Anyway, Nicky nipped out the back way into the garden. He was playing the villain. When it came to Peter’s time to try and find his brother, he saw a slight movement in the flower-bed outside. So he rushed out. But he rushed too fast. He forgot about the plain-glass doors, the French windows (in Germany?)… and he was going so fast he couldn’t pull up. And smash?—Peter hit the glass and it gave way, splintering into a million fragments.
Peter remembers it well. He says now: “I just stood there. I felt numb all over, but for a while I didn’t feel any real pain. Then I looked down and there was nothing but blood all over the place. I held on to my arm but the blood kept pouring out. Nicky thought I was kidding, even when I was yelling away at the top of my voice. Didn’t know it then, but an artery had been slashed by a piece of glass.”

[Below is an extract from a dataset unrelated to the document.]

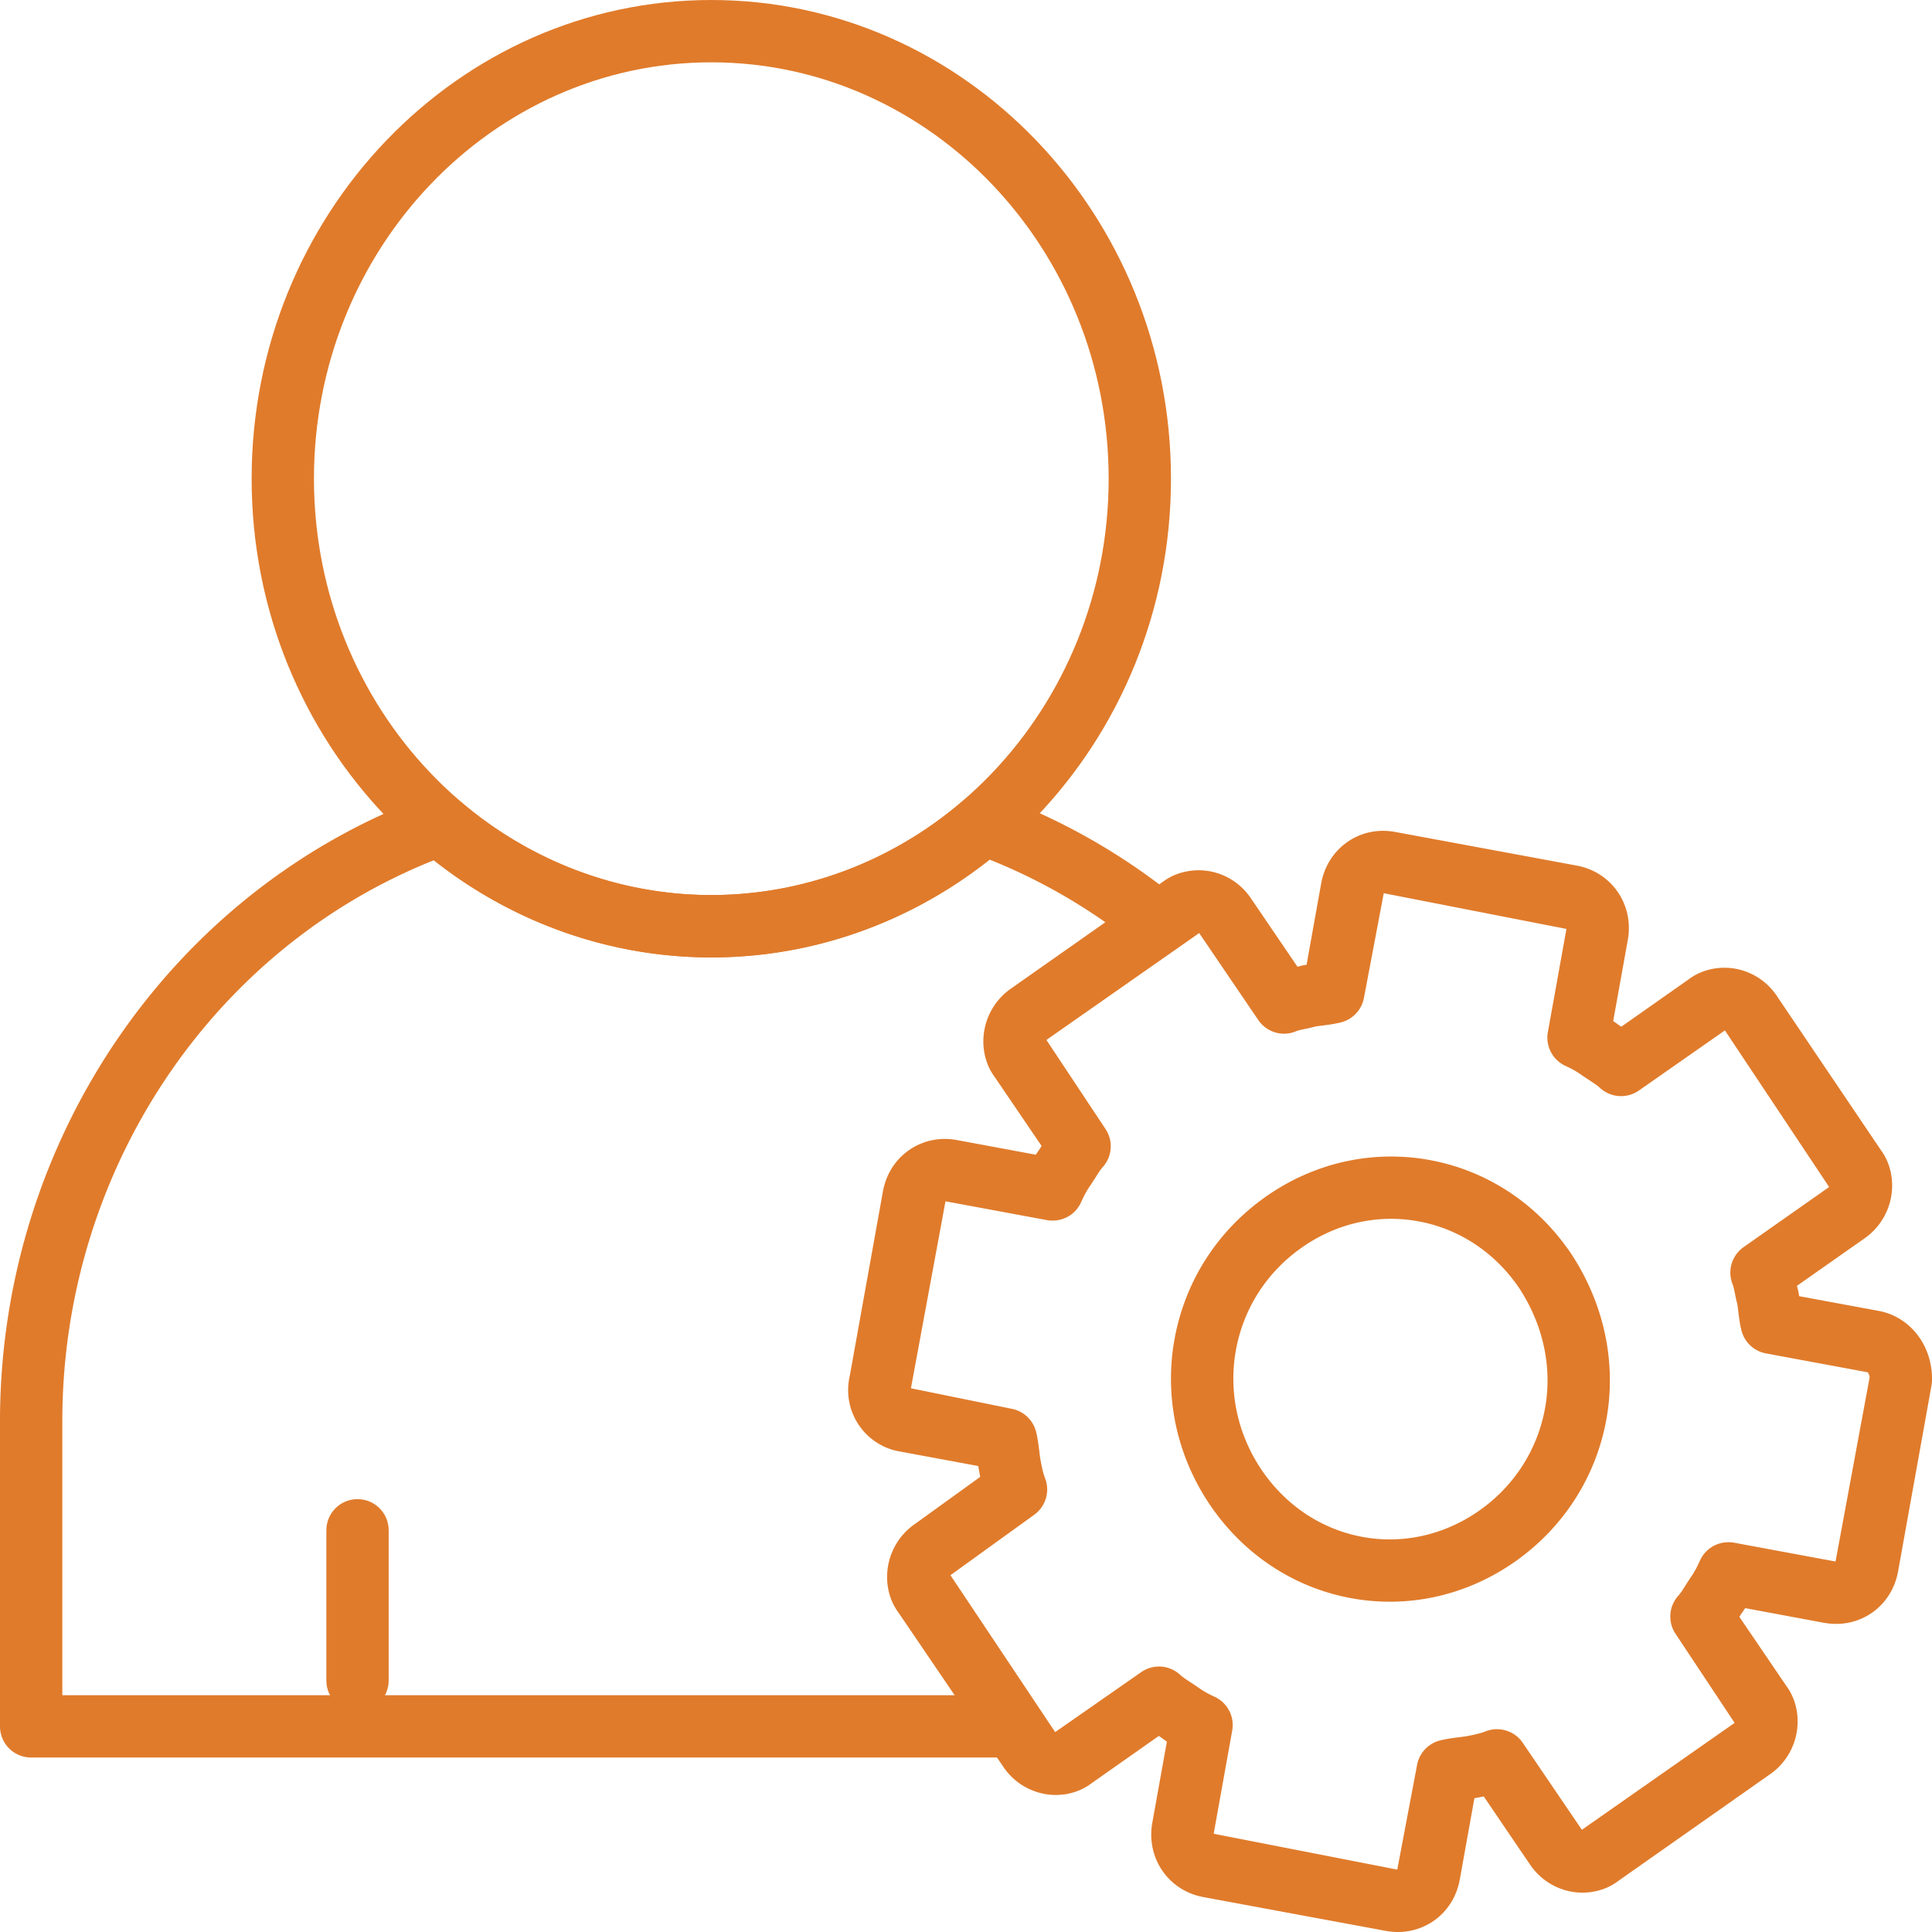 <svg xmlns="http://www.w3.org/2000/svg" version="1.1" xmlns:xlink="http://www.w3.org/1999/xlink" width="512" height="512" x="0" y="0" viewBox="0 0 496.001 496" style="enable-background:new 0 0 512 512" xml:space="preserve" class=""><g><path d="M91.785 439.441c-4.426 0-8-3.578-8-8v-38.57c0-4.422 3.574-8 8-8 4.422 0 8 3.578 8 8v38.57c0 4.414-3.586 8-8 8zm0 0" fill="#e07b2b" opacity="1" data-original="#000000"></path><path d="M260.2 451.207H8a7.99 7.99 0 0 1-8-8v-78.352c0-72.168 44.258-136.734 110.121-160.648 2.727-1 5.758-.43 7.934 1.45 18.168 15.558 41.09 24.136 64.554 24.136 23.575 0 46.567-8.625 64.743-24.297 2.191-1.879 5.25-2.45 7.96-1.457 17.008 6.188 32.856 15.188 47.102 26.762a7.95 7.95 0 0 1 2.953 6.496 7.978 7.978 0 0 1-3.398 6.265l-.969.68-4.398-6.273-4.266 5.258c-11.672-9.48-24.52-17.043-38.258-22.532-20.453 16.22-45.644 25.106-71.469 25.106-25.707 0-50.824-8.824-71.25-24.938C54.137 243.672 16 300.953 16 364.855v70.352h244.2zm0 0" fill="#e07b2b" opacity="1" data-original="#000000"></path><path d="M182.61 245.793c-65.075 0-118.008-55.137-118.008-122.895C64.602 55.137 117.535 0 182.609 0c65.07 0 118.016 55.129 118.016 122.887 0 67.761-52.945 122.906-118.016 122.906zm0-229.793C126.36 16 80.601 63.953 80.601 122.887c0 58.945 45.757 106.898 102.007 106.898 56.246 0 102.016-47.953 102.016-106.898C284.625 63.953 238.855 16 182.609 16zm0 0" fill="#e07b2b" opacity="1" data-original="#000000"></path><g fill="#010101"><path d="M356.848 411.207c-3.336 0-6.688-.3-10.024-.918-14.68-2.727-27.504-11.191-36.129-23.855-8.574-12.633-11.832-27.77-9.168-42.602 2.68-14.863 11.008-27.863 23.45-36.617 12.488-8.774 27.464-12.078 42.16-9.383 14.687 2.73 27.504 11.2 36.11 23.863l.065.09c8.489 12.848 11.72 27.953 9.114 42.504-2.684 14.856-11 27.856-23.45 36.61-9.656 6.78-20.792 10.308-32.128 10.308zm.28-98.3c-8.081 0-16.03 2.527-22.944 7.398-8.977 6.304-14.977 15.664-16.895 26.36-1.922 10.687.445 21.616 6.656 30.776 6.192 9.102 15.36 15.176 25.809 17.122 10.398 1.917 21.078-.465 30.023-6.754 8.977-6.305 14.977-15.664 16.895-26.352 1.879-10.473-.496-21.418-6.688-30.816-6.175-9.079-15.328-15.145-25.77-17.079a39.243 39.243 0 0 0-7.085-.656zm0 0" fill="#e07b2b" opacity="1" data-original="#010101" class=""></path><path d="M358.871 496a17.07 17.07 0 0 1-3.07-.281l-46.89-8.688c-8.958-1.664-14.704-10.047-13.079-19.086l3.742-20.832a27.122 27.122 0 0 1-1.476-1.047l-.602-.394-17.305 12.168c-3.128 2.394-7.496 3.473-11.734 2.762a16.283 16.283 0 0 1-10.809-6.914l-27.023-39.743c-2.36-3.207-3.367-7.48-2.656-11.785.71-4.344 3.168-8.273 6.75-10.785l16.937-12.223a57.602 57.602 0 0 1-.351-1.863 20.26 20.26 0 0 1-.153-.914l-20.449-3.79c-4.191-.784-7.96-3.296-10.328-6.905-2.43-3.711-3.207-8.145-2.207-12.489l8.496-47.277c.793-4.418 3.184-8.203 6.75-10.672 3.547-2.457 7.883-3.363 12.219-2.562l20.297 3.77c.316-.505.644-.985.972-1.434l.504-.817-12.07-17.75c-2.352-3.191-3.36-7.457-2.664-11.762.71-4.343 3.168-8.277 6.742-10.8l39.129-27.504c3.137-2.383 7.512-3.438 11.738-2.758 4.375.71 8.313 3.23 10.809 6.91l12.008 17.656c.222-.054.445-.117.664-.175.261-.079.535-.145.812-.192.281-.054.57-.105.86-.144l3.75-20.871c.808-4.434 3.199-8.207 6.77-10.68 3.534-2.45 7.862-3.344 12.206-2.55l46.664 8.648c8.961 1.66 14.703 10.046 13.078 19.085l-3.75 20.833a26.06 26.06 0 0 1 1.489 1.046l.597.395 17.305-12.168c3.137-2.387 7.512-3.45 11.738-2.762 4.375.711 8.313 3.23 10.809 6.914l26.812 39.727c2.336 3.168 3.344 7.433 2.649 11.734-.711 4.344-3.168 8.281-6.742 10.801l-17.473 12.273c.07.32.144.633.223.926.074.258.136.512.175.785.059.313.114.625.16.946l20.442 3.789c8.191 1.523 13.93 9.105 13.656 18.011-.015.391-.055.782-.129 1.168l-8.566 47.672c-.8 4.422-3.192 8.207-6.77 10.68-3.55 2.445-7.87 3.32-12.215 2.543l-20.28-3.77c-.321.504-.65.985-.977 1.434l-.504.809 12.074 17.757c2.36 3.211 3.367 7.48 2.656 11.786-.715 4.343-3.168 8.273-6.754 10.785l-39.113 27.496c-3.133 2.39-7.492 3.46-11.734 2.765a16.355 16.355 0 0 1-10.809-6.902l-11.95-17.586c-.523.106-1.034.203-1.53.297-.286.047-.567.106-.864.145l-3.75 20.863c-.793 4.418-3.183 8.2-6.754 10.672a16.118 16.118 0 0 1-9.152 2.824zm-61.312-68.152a8 8 0 0 1 5.441 2.136c.816.754 1.754 1.32 2.688 1.938l1.832 1.215c.8.593 1.984 1.398 4.304 2.472a7.998 7.998 0 0 1 4.52 8.68l-4.758 26.488 47.133 9.207 5.074-26.816a7.996 7.996 0 0 1 5.977-6.36c1.644-.398 3.261-.617 4.824-.808.652-.086 1.293-.16 1.91-.27.969-.18 3.32-.617 4.832-1.218 3.504-1.399 7.496-.176 9.601 2.922l15.176 22.328 39.215-27.45-15.129-22.8a7.995 7.995 0 0 1 .656-9.832c.747-.832 1.305-1.793 1.915-2.75l1.199-1.856c.582-.808 1.383-2.035 2.465-4.426 1.504-3.359 5.062-5.23 8.757-4.593l26.047 4.832 8.746-47.262c-.074-.816-.418-1.305-.57-1.336l-26.047-4.832a7.999 7.999 0 0 1-6.32-6.023c-.399-1.657-.598-3.274-.79-4.825-.066-.57-.128-1.136-.21-1.671a44.16 44.16 0 0 1-.582-2.579c-.192-.91-.352-1.863-.68-2.718-1.351-3.434-.168-7.336 2.84-9.465l21.969-15.438-26.762-40.203-22.055 15.418a8.007 8.007 0 0 1-10.043-.68c-.812-.753-1.75-1.32-2.687-1.937l-1.832-1.215c-.8-.594-1.992-1.41-4.305-2.473a7.99 7.99 0 0 1-4.527-8.68l4.77-26.488-46.907-9.167-5.07 26.816a8.005 8.005 0 0 1-5.946 6.351c-1.656.407-3.261.625-4.824.817-.543.07-1.078.137-1.59.215a51.23 51.23 0 0 1-2.558.601c-.875.184-1.785.344-2.586.664-3.488 1.45-7.504.215-9.633-2.906l-15.176-22.328-39.215 27.441 15.13 22.801a7.991 7.991 0 0 1-.673 9.848c-.738.824-1.289 1.77-1.89 2.719l-1.207 1.875c-.582.804-1.383 2.03-2.465 4.421-1.504 3.36-5.04 5.23-8.758 4.594l-26.05-4.832-8.872 48 25.832 5.262a8.015 8.015 0 0 1 6.32 6c.4 1.672.61 3.297.801 4.863.079.672.16 1.328.262 1.961.168.953.594 3.39 1.211 4.984a7.984 7.984 0 0 1-2.77 9.399l-21.511 15.523 26.887 40.278 22.074-15.39a8.046 8.046 0 0 1 4.59-1.442zm0 0" fill="#e07b2b" opacity="1" data-original="#010101" class=""></path></g></g></svg>

But luckily for Peter, and for all the millions of Monkee fans, Herr Derrich was near at hand. Startled by the yells and screams, and realising that this wasn’t just a boyish game, he rushed round, summed up the situation and whipped Peter off, by car, to the nearest doctor. His clothes covered in blood, Peter was given expert treatment and his arm was stitched up. And the doctor said later, to Mr. and Mrs. Thorkelson: “That boy is one of the luckiest I’ve ever met. If he’d waited just a few minutes longer, he would have died.”
The scars have almost gone now on Peter’s arm. But the memory of that prankish game that nearly went wrong has not. And so the days in Germany went on. At five, Peter became very friendly with a German boy, Ule, who was two years older. They went sailing together (but under close supervision!). They swam in the nearby river Wansee… also only under close watch. And Peter still writes to his old friend.
Spoke German Permalink
Incidentally, Peter was very forward in learning to talk. But he also had picked up a useful working knowledge of German by the time he went back to America at the age of six-and-a-bit. Later on Peter learned to speak French fluently but he’s not so good at either foreign language right now. Though his French was useful on the boys’ trip to Paris, as you’ve read in our special feature on this film-making jaunt.
Back then, to America, went Peter, a much-travelled little chap already. The family Thorkelson settled in Baraboo, in Wisconsin. And up went the population of that tiny place… the city limit boards announced that there were only 500 residents at that time. It was an ideal place for a family to grow up. Plenty of open spaces for the youngsters and very handy for the University of Wisconsin, where Peter’s dad went on a one-year ex-Serviceman’s course and got his Doctor of Philosophy degree in economics.
Celebrations a-plenty on his graduation day. But soon afterwards, that old travelling bug got a hold of the family and they moved off for the further-East area of Connecticut. Peter, though still so young, was already showing signs of being a bit of a show-business fan. He used to dress up in his dad’s clothes and act out little charades for the family.
Imagination Permalink
And he certainly had a lively imagination. Like spreading the truth when he told his new friends about the voyage back from Germany across the Atlantic. Peter used to make it sound about as dodgy a trip as that of Sir Francis Chichester round the world. In fact, it WAS a seasick-making trip because it was made on an old freighter-type boat, specially used for transporting Army personnel and their families but it was hardly buoyant enough to cope with a really terrible storm. It only lasted for a few hours but Peter held his mates enthralled by giving the impression that it’d gone on for weeks on end—with Peter actually acting as a doctor for the rest of the family.